Histoplasmosis in transplant recipients.

Histoplasma capsulatum is a dimorphic fungus that most often causes asymptomatic infection in the immunocompetent population. In immunocompromised patients, including solid organ transplant (SOT) and hematopoietic cell transplant (HCT) recipients, however, it is likely to cause severe life-threatening infection. Post-transplant histoplasmosis (PTH) in SOT is uncommon with an incidence of ≤1% and is even rarer in HCT patients. The majority of PTH in SOT is diagnosed in the first 2 years following transplantation. Histoplasmosis may result from endogenous reactivation of latent infection, de novo post-transplant acquisition, and donor-derived infection. Disseminated infection is common. Fever is the most common symptom and clinical features are often nonspecific, but patients with disseminated infection may present with a septic picture.
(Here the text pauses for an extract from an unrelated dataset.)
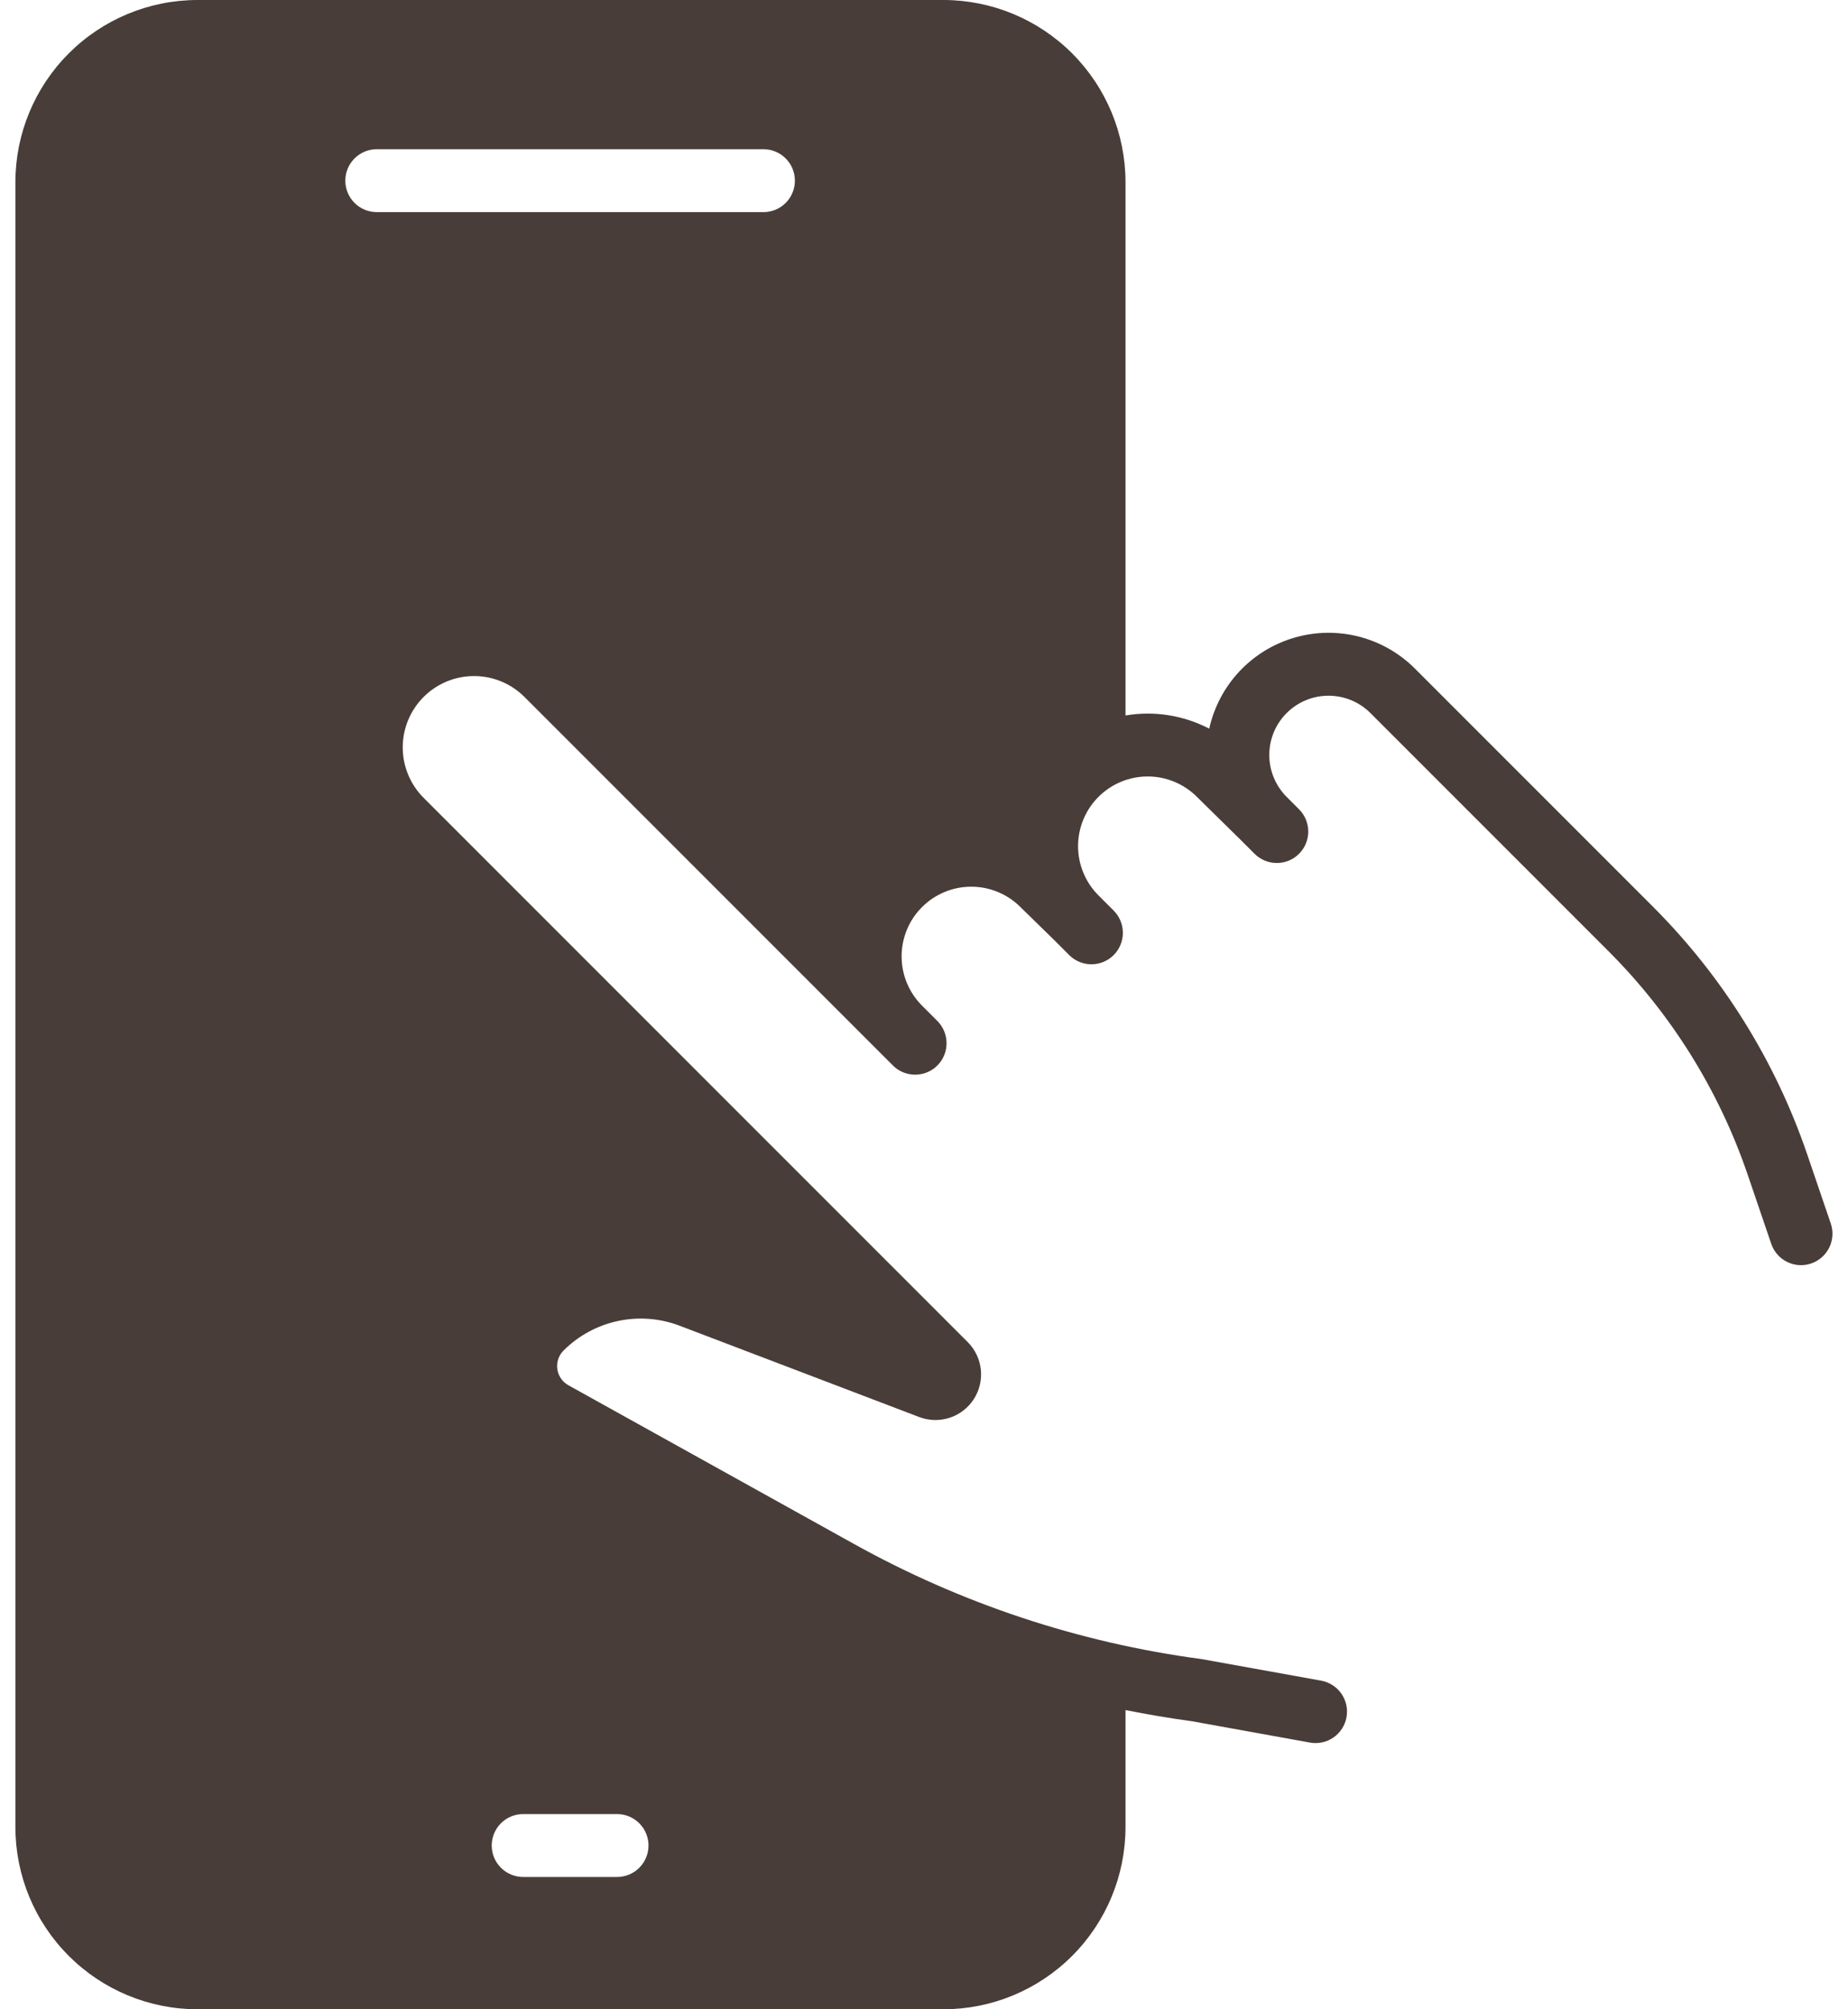<svg width="115" height="125" viewBox="0 0 115 125" fill="none" xmlns="http://www.w3.org/2000/svg">
<path d="M113.935 76.137L112.45 71.781C110.475 66.009 107.209 60.764 102.901 56.445L88.049 41.593C87.085 40.629 85.879 39.942 84.559 39.604C83.238 39.266 81.851 39.289 80.542 39.672C79.234 40.054 78.052 40.781 77.121 41.776C76.19 42.772 75.544 44 75.25 45.331C73.649 44.496 71.819 44.208 70.04 44.51V11.327C70.036 8.324 68.842 5.445 66.718 3.321C64.595 1.198 61.716 0.003 58.713 0L12.286 0C9.283 0.003 6.403 1.197 4.28 3.321C2.156 5.444 0.961 8.323 0.958 11.327V113.673C0.961 116.677 2.156 119.556 4.28 121.679C6.403 123.803 9.283 124.997 12.286 125H58.713C61.716 124.997 64.595 123.802 66.718 121.679C68.842 119.555 70.036 116.676 70.04 113.673V106.385C71.407 106.659 72.786 106.891 74.177 107.081L81.499 108.404C81.754 108.453 82.015 108.45 82.268 108.397C82.521 108.344 82.761 108.242 82.974 108.095C83.188 107.949 83.37 107.761 83.51 107.544C83.651 107.327 83.747 107.084 83.793 106.83C83.838 106.575 83.834 106.314 83.778 106.061C83.722 105.809 83.617 105.57 83.469 105.358C83.32 105.146 83.131 104.966 82.912 104.828C82.694 104.689 82.45 104.596 82.195 104.552L74.829 103.223L74.742 103.209C67.143 102.194 59.803 99.759 53.105 96.03L35.371 86.178C35.186 86.075 35.028 85.931 34.908 85.757C34.788 85.582 34.711 85.383 34.682 85.173C34.652 84.964 34.672 84.751 34.739 84.55C34.806 84.35 34.919 84.168 35.069 84.018C35.996 83.093 37.171 82.455 38.452 82.181C39.733 81.907 41.066 82.008 42.291 82.474L57.204 88.156C57.811 88.387 58.479 88.403 59.096 88.201C59.714 87.999 60.243 87.591 60.596 87.046C60.949 86.501 61.105 85.851 61.037 85.205C60.969 84.559 60.682 83.956 60.223 83.496L26.341 49.613C25.518 48.779 25.058 47.653 25.062 46.481C25.066 45.309 25.533 44.186 26.362 43.358C27.19 42.529 28.313 42.062 29.485 42.058C30.657 42.054 31.783 42.514 32.617 43.337L54.612 65.332L55.565 66.284C55.612 66.332 55.662 66.376 55.713 66.419C56.062 66.703 56.499 66.857 56.949 66.857C57.398 66.857 57.834 66.703 58.184 66.419C58.396 66.246 58.569 66.03 58.693 65.786C58.817 65.542 58.888 65.274 58.902 65.001C58.916 64.727 58.872 64.454 58.774 64.198C58.676 63.943 58.526 63.711 58.332 63.517L57.38 62.565C56.976 62.162 56.656 61.683 56.437 61.156C56.218 60.629 56.106 60.064 56.106 59.493C56.107 58.923 56.22 58.358 56.439 57.831C56.658 57.304 56.979 56.826 57.384 56.424C57.788 56.021 58.268 55.703 58.796 55.486C59.324 55.27 59.889 55.16 60.46 55.163C61.03 55.165 61.595 55.28 62.121 55.502C62.647 55.723 63.124 56.046 63.524 56.452L65.589 58.47L66.535 59.416C66.717 59.598 66.933 59.742 67.17 59.84C67.408 59.939 67.662 59.99 67.919 59.99C68.176 59.99 68.43 59.939 68.668 59.841C68.905 59.742 69.121 59.598 69.303 59.417C69.485 59.235 69.629 59.019 69.727 58.782C69.826 58.544 69.876 58.29 69.876 58.033C69.876 57.776 69.826 57.522 69.727 57.284C69.629 57.047 69.485 56.831 69.303 56.649L68.351 55.697C67.949 55.294 67.631 54.816 67.414 54.289C67.197 53.763 67.086 53.2 67.087 52.631C67.088 52.062 67.202 51.498 67.42 50.973C67.639 50.447 67.959 49.97 68.362 49.569C68.765 49.167 69.244 48.849 69.77 48.632C70.296 48.415 70.86 48.304 71.429 48.305C71.998 48.306 72.561 48.419 73.086 48.638C73.612 48.857 74.089 49.177 74.49 49.58L77.309 52.353L78.07 53.114C78.437 53.482 78.935 53.688 79.454 53.688C79.973 53.689 80.471 53.483 80.838 53.116C81.206 52.749 81.412 52.251 81.412 51.732C81.412 51.213 81.207 50.715 80.84 50.348L80.067 49.575C79.376 48.884 78.987 47.946 78.987 46.968C78.987 45.99 79.375 45.052 80.067 44.361C80.758 43.669 81.696 43.281 82.674 43.281C83.652 43.281 84.59 43.669 85.281 44.36L100.134 59.213C104.019 63.108 106.964 67.838 108.745 73.043L110.23 77.399C110.401 77.886 110.757 78.285 111.221 78.51C111.685 78.736 112.219 78.769 112.707 78.602C113.195 78.436 113.598 78.084 113.828 77.622C114.058 77.16 114.096 76.626 113.934 76.137H113.935ZM23.468 9.283H47.531C48.046 9.289 48.538 9.497 48.901 9.864C49.263 10.23 49.466 10.725 49.466 11.24C49.466 11.755 49.263 12.25 48.901 12.616C48.538 12.982 48.046 13.191 47.531 13.197H23.468C23.209 13.2 22.952 13.151 22.712 13.054C22.473 12.957 22.254 12.813 22.07 12.631C21.886 12.449 21.74 12.233 21.64 11.994C21.541 11.755 21.489 11.499 21.489 11.24C21.489 10.981 21.541 10.725 21.64 10.486C21.74 10.247 21.886 10.03 22.07 9.848C22.254 9.666 22.473 9.523 22.712 9.426C22.952 9.329 23.209 9.28 23.468 9.283ZM38.421 116.769H32.578C32.319 116.771 32.063 116.723 31.823 116.626C31.583 116.529 31.364 116.385 31.18 116.203C30.996 116.021 30.85 115.804 30.75 115.566C30.651 115.327 30.599 115.07 30.599 114.812C30.599 114.553 30.651 114.297 30.75 114.058C30.85 113.819 30.996 113.602 31.18 113.42C31.364 113.238 31.583 113.094 31.823 112.997C32.063 112.9 32.319 112.852 32.578 112.855H38.421C38.936 112.86 39.428 113.069 39.79 113.436C40.153 113.802 40.356 114.296 40.356 114.812C40.356 115.327 40.153 115.821 39.79 116.188C39.428 116.554 38.936 116.763 38.421 116.769Z" fill="#483D38"/>
</svg>

Other features, including pancytopenia and hepatosplenomegaly, may not be prominent early in the course of illness. Contemporary histoplasma antigen assays are the most sensitive tests but cross-reactivity with antigens of other fungi, including with Aspergillus galactomannan, is not uncommon. Treatment should be continued for at least a year. Histoplasma antigen levels have prognostic value and can be used to monitor the response to therapy. The attributable mortality is approximately 10%. Routine screening of donors and recipients is not currently recommended.